Ordinary people were told they could hear each others confessions
and, horror of horrors, even a woman would do if there wasnt a
man around! A strain of morbidity crept into public devotion as chantry
chapels were built to sing masses for the souls of their founders and
speed their entry to heaven. Sheldwich would build its two chapels then.

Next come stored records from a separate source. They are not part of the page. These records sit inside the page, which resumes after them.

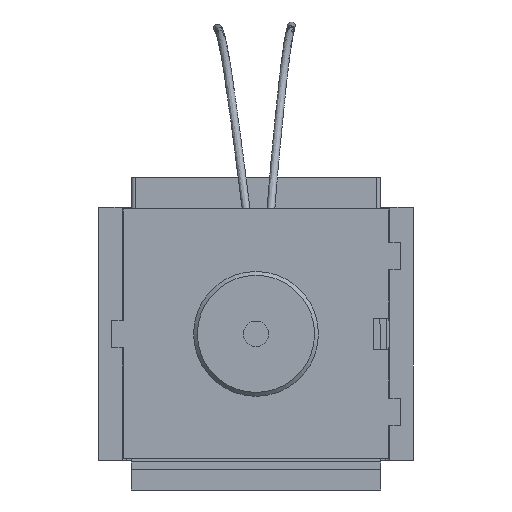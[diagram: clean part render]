
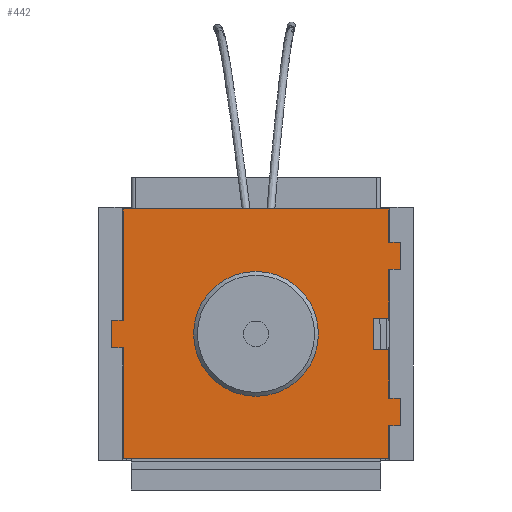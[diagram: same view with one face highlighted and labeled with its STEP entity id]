
A CAD part, front view. The second image highlights one B-rep face of the part: STEP entity #442.
In plain terms, the highlighted planar face has unit normal (0, -1, 0).
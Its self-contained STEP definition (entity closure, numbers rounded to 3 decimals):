
#442 = ADVANCED_FACE( '', ( #1110, #1111 ), #1112, .F. );
#1110 = FACE_BOUND( '', #2077, .T. );
#1111 = FACE_OUTER_BOUND( '', #2078, .T. );
#1112 = PLANE( '', #2079 );
#2077 = EDGE_LOOP( '', ( #3587 ) );
#2078 = EDGE_LOOP( '', ( #3588, #3589, #3590, #3591, #3592, #3593, #3594, #3595, #3596, #3597, #3598, #3599, #3600, #3601, #3602, #3603, #3604, #3605, #3606, #3607 ) );
#2079 = AXIS2_PLACEMENT_3D( '', #3608, #3609, #3610 );
#3587 = ORIENTED_EDGE( '', *, *, #5977, .T. );
#3588 = ORIENTED_EDGE( '', *, *, #6215, .T. );
#3589 = ORIENTED_EDGE( '', *, *, #6216, .F. );
#3590 = ORIENTED_EDGE( '', *, *, #6217, .T. );
#3591 = ORIENTED_EDGE( '', *, *, #6218, .T. );
#3592 = ORIENTED_EDGE( '', *, *, #6219, .F. );
#3593 = ORIENTED_EDGE( '', *, *, #6163, .T. );
#3594 = ORIENTED_EDGE( '', *, *, #6220, .T. );
#3595 = ORIENTED_EDGE( '', *, *, #6221, .F. );
#3596 = ORIENTED_EDGE( '', *, *, #6222, .T. );
#3597 = ORIENTED_EDGE( '', *, *, #6223, .T. );
#3598 = ORIENTED_EDGE( '', *, *, #6224, .F. );
#3599 = ORIENTED_EDGE( '', *, *, #6225, .T. );
#3600 = ORIENTED_EDGE( '', *, *, #6226, .T. );
#3601 = ORIENTED_EDGE( '', *, *, #6227, .T. );
#3602 = ORIENTED_EDGE( '', *, *, #6228, .T. );
#3603 = ORIENTED_EDGE( '', *, *, #6229, .T. );
#3604 = ORIENTED_EDGE( '', *, *, #6230, .T. );
#3605 = ORIENTED_EDGE( '', *, *, #6231, .T. );
#3606 = ORIENTED_EDGE( '', *, *, #6232, .F. );
#3607 = ORIENTED_EDGE( '', *, *, #6233, .T. );
#3608 = CARTESIAN_POINT( '', ( -18.5, -4., 16. ) );
#3609 = DIRECTION( '', ( 0., 1., 0. ) );
#3610 = DIRECTION( '', ( 0., 0., 1. ) );
#5977 = EDGE_CURVE( '', #6964, #6964, #6965, .T. );
#6163 = EDGE_CURVE( '', #7311, #7312, #7313, .T. );
#6215 = EDGE_CURVE( '', #7395, #7396, #7397, .T. );
#6216 = EDGE_CURVE( '', #7398, #7396, #7399, .T. );
#6217 = EDGE_CURVE( '', #7398, #7400, #7401, .T. );
#6218 = EDGE_CURVE( '', #7400, #7402, #7403, .T. );
#6219 = EDGE_CURVE( '', #7311, #7402, #7404, .T. );
#6220 = EDGE_CURVE( '', #7312, #7405, #7406, .T. );
#6221 = EDGE_CURVE( '', #7407, #7405, #7408, .T. );
#6222 = EDGE_CURVE( '', #7407, #7409, #7410, .T. );
#6223 = EDGE_CURVE( '', #7409, #7411, #7412, .T. );
#6224 = EDGE_CURVE( '', #7413, #7411, #7414, .T. );
#6225 = EDGE_CURVE( '', #7413, #7415, #7416, .T. );
#6226 = EDGE_CURVE( '', #7415, #7417, #7418, .T. );
#6227 = EDGE_CURVE( '', #7417, #7419, #7420, .T. );
#6228 = EDGE_CURVE( '', #7419, #7421, #7422, .T. );
#6229 = EDGE_CURVE( '', #7421, #7423, #7424, .T. );
#6230 = EDGE_CURVE( '', #7423, #7425, #7426, .T. );
#6231 = EDGE_CURVE( '', #7425, #7427, #7428, .T. );
#6232 = EDGE_CURVE( '', #7429, #7427, #7430, .T. );
#6233 = EDGE_CURVE( '', #7429, #7395, #7431, .T. );
#6964 = VERTEX_POINT( '', #8437 );
#6965 = CIRCLE( '', #8438, 8. );
#7311 = VERTEX_POINT( '', #9235 );
#7312 = VERTEX_POINT( '', #9236 );
#7313 = LINE( '', #9237, #9238 );
#7395 = VERTEX_POINT( '', #9379 );
#7396 = VERTEX_POINT( '', #9380 );
#7397 = LINE( '', #9381, #9382 );
#7398 = VERTEX_POINT( '', #9383 );
#7399 = LINE( '', #9384, #9385 );
#7400 = VERTEX_POINT( '', #9386 );
#7401 = LINE( '', #9387, #9388 );
#7402 = VERTEX_POINT( '', #9389 );
#7403 = LINE( '', #9390, #9391 );
#7404 = LINE( '', #9392, #9393 );
#7405 = VERTEX_POINT( '', #9394 );
#7406 = LINE( '', #9395, #9396 );
#7407 = VERTEX_POINT( '', #9397 );
#7408 = LINE( '', #9398, #9399 );
#7409 = VERTEX_POINT( '', #9400 );
#7410 = LINE( '', #9401, #9402 );
#7411 = VERTEX_POINT( '', #9403 );
#7412 = LINE( '', #9404, #9405 );
#7413 = VERTEX_POINT( '', #9406 );
#7414 = LINE( '', #9407, #9408 );
#7415 = VERTEX_POINT( '', #9409 );
#7416 = LINE( '', #9410, #9411 );
#7417 = VERTEX_POINT( '', #9412 );
#7418 = LINE( '', #9413, #9414 );
#7419 = VERTEX_POINT( '', #9415 );
#7420 = LINE( '', #9416, #9417 );
#7421 = VERTEX_POINT( '', #9418 );
#7422 = LINE( '', #9419, #9420 );
#7423 = VERTEX_POINT( '', #9421 );
#7424 = LINE( '', #9422, #9423 );
#7425 = VERTEX_POINT( '', #9424 );
#7426 = LINE( '', #9425, #9426 );
#7427 = VERTEX_POINT( '', #9427 );
#7428 = LINE( '', #9428, #9429 );
#7429 = VERTEX_POINT( '', #9430 );
#7430 = LINE( '', #9431, #9432 );
#7431 = LINE( '', #9433, #9434 );
#8437 = CARTESIAN_POINT( '', ( 0., -4., 8. ) );
#8438 = AXIS2_PLACEMENT_3D( '', #11108, #11109, #11110 );
#9235 = CARTESIAN_POINT( '', ( -18.5, -4., -1.75 ) );
#9236 = CARTESIAN_POINT( '', ( -17., -4., -1.75 ) );
#9237 = CARTESIAN_POINT( '', ( -18.5, -4., -1.75 ) );
#9238 = VECTOR( '', #11165, 1000. );
#9379 = CARTESIAN_POINT( '', ( 17., -4., 11.75 ) );
#9380 = CARTESIAN_POINT( '', ( 17., -4., 16. ) );
#9381 = CARTESIAN_POINT( '', ( 17., -4., 16. ) );
#9382 = VECTOR( '', #11204, 1000. );
#9383 = CARTESIAN_POINT( '', ( -17., -4., 16. ) );
#9384 = CARTESIAN_POINT( '', ( -18.5, -4., 16. ) );
#9385 = VECTOR( '', #11205, 1000. );
#9386 = CARTESIAN_POINT( '', ( -17., -4., 1.75 ) );
#9387 = CARTESIAN_POINT( '', ( -17., -4., 16. ) );
#9388 = VECTOR( '', #11206, 1000. );
#9389 = CARTESIAN_POINT( '', ( -18.5, -4., 1.75 ) );
#9390 = CARTESIAN_POINT( '', ( -17., -4., 1.75 ) );
#9391 = VECTOR( '', #11207, 1000. );
#9392 = CARTESIAN_POINT( '', ( -18.5, -4., -16. ) );
#9393 = VECTOR( '', #11208, 1000. );
#9394 = CARTESIAN_POINT( '', ( -17., -4., -16. ) );
#9395 = CARTESIAN_POINT( '', ( -17., -4., -1.75 ) );
#9396 = VECTOR( '', #11209, 1000. );
#9397 = CARTESIAN_POINT( '', ( 17., -4., -16. ) );
#9398 = CARTESIAN_POINT( '', ( 18.5, -4., -16. ) );
#9399 = VECTOR( '', #11210, 1000. );
#9400 = CARTESIAN_POINT( '', ( 17., -4., -11.75 ) );
#9401 = CARTESIAN_POINT( '', ( 17., -4., -11.75 ) );
#9402 = VECTOR( '', #11211, 1000. );
#9403 = CARTESIAN_POINT( '', ( 18.5, -4., -11.75 ) );
#9404 = CARTESIAN_POINT( '', ( 18.5, -4., -11.75 ) );
#9405 = VECTOR( '', #11212, 1000. );
#9406 = CARTESIAN_POINT( '', ( 18.5, -4., -8.25 ) );
#9407 = CARTESIAN_POINT( '', ( 18.5, -4., 16. ) );
#9408 = VECTOR( '', #11213, 1000. );
#9409 = CARTESIAN_POINT( '', ( 17., -4., -8.25 ) );
#9410 = CARTESIAN_POINT( '', ( 17., -4., -8.25 ) );
#9411 = VECTOR( '', #11214, 1000. );
#9412 = CARTESIAN_POINT( '', ( 17., -4., -2. ) );
#9413 = CARTESIAN_POINT( '', ( 17., -4., -2. ) );
#9414 = VECTOR( '', #11215, 1000. );
#9415 = CARTESIAN_POINT( '', ( 15., -4., -2. ) );
#9416 = CARTESIAN_POINT( '', ( 15., -4., -2. ) );
#9417 = VECTOR( '', #11216, 1000. );
#9418 = CARTESIAN_POINT( '', ( 15., -4., 2. ) );
#9419 = CARTESIAN_POINT( '', ( 15., -4., 2. ) );
#9420 = VECTOR( '', #11217, 1000. );
#9421 = CARTESIAN_POINT( '', ( 17., -4., 2. ) );
#9422 = CARTESIAN_POINT( '', ( 17., -4., 2. ) );
#9423 = VECTOR( '', #11218, 1000. );
#9424 = CARTESIAN_POINT( '', ( 17., -4., 8.25 ) );
#9425 = CARTESIAN_POINT( '', ( 17., -4., 8.25 ) );
#9426 = VECTOR( '', #11219, 1000. );
#9427 = CARTESIAN_POINT( '', ( 18.5, -4., 8.25 ) );
#9428 = CARTESIAN_POINT( '', ( 18.5, -4., 8.25 ) );
#9429 = VECTOR( '', #11220, 1000. );
#9430 = CARTESIAN_POINT( '', ( 18.5, -4., 11.75 ) );
#9431 = CARTESIAN_POINT( '', ( 18.5, -4., 16. ) );
#9432 = VECTOR( '', #11221, 1000. );
#9433 = CARTESIAN_POINT( '', ( 17., -4., 11.75 ) );
#9434 = VECTOR( '', #11222, 1000. );
#11108 = CARTESIAN_POINT( '', ( 0., -4., 0. ) );
#11109 = DIRECTION( '', ( 0., 1., 0. ) );
#11110 = DIRECTION( '', ( 0., 0., 1. ) );
#11165 = DIRECTION( '', ( 1., 0., 0. ) );
#11204 = DIRECTION( '', ( 0., 0., 1. ) );
#11205 = DIRECTION( '', ( 1., 0., 0. ) );
#11206 = DIRECTION( '', ( 0., 0., -1. ) );
#11207 = DIRECTION( '', ( -1., 0., 0. ) );
#11208 = DIRECTION( '', ( 0., 0., 1. ) );
#11209 = DIRECTION( '', ( 0., 0., -1. ) );
#11210 = DIRECTION( '', ( -1., 0., 0. ) );
#11211 = DIRECTION( '', ( 0., 0., 1. ) );
#11212 = DIRECTION( '', ( 1., 0., 0. ) );
#11213 = DIRECTION( '', ( 0., 0., -1. ) );
#11214 = DIRECTION( '', ( -1., 0., 0. ) );
#11215 = DIRECTION( '', ( 0., 0., 1. ) );
#11216 = DIRECTION( '', ( -1., 0., 0. ) );
#11217 = DIRECTION( '', ( 0., 0., 1. ) );
#11218 = DIRECTION( '', ( 1., 0., 0. ) );
#11219 = DIRECTION( '', ( 0., 0., 1. ) );
#11220 = DIRECTION( '', ( 1., 0., 0. ) );
#11221 = DIRECTION( '', ( 0., 0., -1. ) );
#11222 = DIRECTION( '', ( -1., 0., 0. ) );

But with cereal prices low and land values falling the
population began to stabilise with a smaller number sharing more of
what was left. Much farming by landowners died out with them, there
was no capital available for working farms and leasehold came in, so
tenant farmers became numerous. The successful ones became richer and
improved their homes. In my home I believe this was the time they knocked
down one section and built a better one - it would be happening all
round our villages. The peasants became much more aware of their potential
power if they were united. This awareness exploded when a most unpopular
poll tax (of three groats per head!) was introduced and in 1381 other
people from this area joined Wat Tyler in the Peasants revolt.
On their way they took Canterbury, Maidstone and Rochester, doing quite
some damage around Faversham, then marched through Fleet Street burning
shops. By this time there were about 100,000 of them. They beheaded
a judge and 18 leading citizens before beheading 35 Flemish people in
the street. Taking over the Tower of London they dragged the archbishop
out and executed him on Tower Hill, then nailed his mitre to his head
set up on London Bridge. It certainly gave locals a new thing to talk
about.

Some probably went to watch when they heard that the Black
Prince was passing nearby after victory at the Battle of Poitiers in
1356, complete with captive King John of France who stayed at the Maison
Dieu on his way to the Tower of London.

In 1394 Richard atte Lese died and was buried in the North
chantry in Sheldwich Church. Living in Lees Court he was Lord of the
Manor of Sheldwich and served as Sheriff for Kent in 1368. Two years
earlier he was chosen Knight of the Shire and summoned to sit in Parliament.
In that part of the church you see his handsome canopied brass, where
he is buried with his wife Dionisia who died in 1404.